▶ [Problem description]: Every line of the data must appear again in the answer, exactly as written.

▶ [Record set]:
○ ○ ○
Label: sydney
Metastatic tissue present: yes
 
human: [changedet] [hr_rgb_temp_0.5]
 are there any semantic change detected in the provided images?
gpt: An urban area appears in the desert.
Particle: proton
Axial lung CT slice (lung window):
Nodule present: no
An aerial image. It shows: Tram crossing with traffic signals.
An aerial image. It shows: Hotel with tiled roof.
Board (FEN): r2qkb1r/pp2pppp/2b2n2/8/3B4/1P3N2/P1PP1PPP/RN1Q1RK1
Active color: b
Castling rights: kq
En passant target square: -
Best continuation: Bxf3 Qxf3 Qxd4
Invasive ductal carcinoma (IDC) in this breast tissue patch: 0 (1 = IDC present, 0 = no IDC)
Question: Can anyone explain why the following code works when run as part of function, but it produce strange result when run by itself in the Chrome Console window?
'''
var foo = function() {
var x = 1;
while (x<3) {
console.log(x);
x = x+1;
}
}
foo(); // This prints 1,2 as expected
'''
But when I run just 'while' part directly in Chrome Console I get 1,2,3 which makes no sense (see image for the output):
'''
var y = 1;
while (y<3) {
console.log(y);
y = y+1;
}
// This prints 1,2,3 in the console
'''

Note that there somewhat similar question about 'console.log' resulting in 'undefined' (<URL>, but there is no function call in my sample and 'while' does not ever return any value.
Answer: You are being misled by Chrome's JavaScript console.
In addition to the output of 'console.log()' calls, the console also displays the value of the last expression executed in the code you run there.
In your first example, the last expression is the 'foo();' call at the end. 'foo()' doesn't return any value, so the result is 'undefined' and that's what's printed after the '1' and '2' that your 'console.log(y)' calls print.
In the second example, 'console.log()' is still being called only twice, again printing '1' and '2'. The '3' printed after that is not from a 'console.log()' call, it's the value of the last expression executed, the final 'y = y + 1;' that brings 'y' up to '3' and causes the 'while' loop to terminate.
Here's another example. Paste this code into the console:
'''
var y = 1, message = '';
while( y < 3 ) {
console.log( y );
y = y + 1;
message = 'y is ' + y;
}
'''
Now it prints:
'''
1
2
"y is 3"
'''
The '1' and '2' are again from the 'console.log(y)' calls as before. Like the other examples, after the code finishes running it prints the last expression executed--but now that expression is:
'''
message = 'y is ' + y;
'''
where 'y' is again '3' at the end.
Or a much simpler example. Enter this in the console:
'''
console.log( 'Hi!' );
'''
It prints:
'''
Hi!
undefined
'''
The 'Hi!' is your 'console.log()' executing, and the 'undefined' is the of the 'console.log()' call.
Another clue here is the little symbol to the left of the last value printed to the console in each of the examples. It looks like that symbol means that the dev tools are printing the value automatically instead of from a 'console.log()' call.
○ ○ ○
▶ [Reply to the task]:
Label: sydney
Metastatic tissue present: yes
 
human: [changedet] [hr_rgb_temp_0.5]
 are there any semantic change detected in the provided images?
gpt: An urban area appears in the desert.
Particle: proton
Axial lung CT slice (lung window):
Nodule present: no
An aerial image. It shows: Tram crossing with traffic signals.
An aerial image. It shows: Hotel with tiled roof.
Board (FEN): r2qkb1r/pp2pppp/2b2n2/8/3B4/1P3N2/P1PP1PPP/RN1Q1RK1
Active color: b
Castling rights: kq
En passant target square: -
Best continuation: Bxf3 Qxf3 Qxd4
Invasive ductal carcinoma (IDC) in this breast tissue patch: 0 (1 = IDC present, 0 = no IDC)
Question: Can anyone explain why the following code works when run as part of function, but it produce strange result when run by itself in the Chrome Console window?
'''
var foo = function() {
var x = 1;
while (x<3) {
console.log(x);
x = x+1;
}
}
foo(); // This prints 1,2 as expected
'''
But when I run just 'while' part directly in Chrome Console I get 1,2,3 which makes no sense (see image for the output):
'''
var y = 1;
while (y<3) {
console.log(y);
y = y+1;
}
// This prints 1,2,3 in the console
'''

Note that there somewhat similar question about 'console.log' resulting in 'undefined' (<URL>, but there is no function call in my sample and 'while' does not ever return any value.
Answer: You are being misled by Chrome's JavaScript console.
In addition to the output of 'console.log()' calls, the console also displays the value of the last expression executed in the code you run there.
In your first example, the last expression is the 'foo();' call at the end. 'foo()' doesn't return any value, so the result is 'undefined' and that's what's printed after the '1' and '2' that your 'console.log(y)' calls print.
In the second example, 'console.log()' is still being called only twice, again printing '1' and '2'. The '3' printed after that is not from a 'console.log()' call, it's the value of the last expression executed, the final 'y = y + 1;' that brings 'y' up to '3' and causes the 'while' loop to terminate.
Here's another example. Paste this code into the console:
'''
var y = 1, message = '';
while( y < 3 ) {
console.log( y );
y = y + 1;
message = 'y is ' + y;
}
'''
Now it prints:
'''
1
2
"y is 3"
'''
The '1' and '2' are again from the 'console.log(y)' calls as before. Like the other examples, after the code finishes running it prints the last expression executed--but now that expression is:
'''
message = 'y is ' + y;
'''
where 'y' is again '3' at the end.
Or a much simpler example. Enter this in the console:
'''
console.log( 'Hi!' );
'''
It prints:
'''
Hi!
undefined
'''
The 'Hi!' is your 'console.log()' executing, and the 'undefined' is the of the 'console.log()' call.
Another clue here is the little symbol to the left of the last value printed to the console in each of the examples. It looks like that symbol means that the dev tools are printing the value automatically instead of from a 'console.log()' call.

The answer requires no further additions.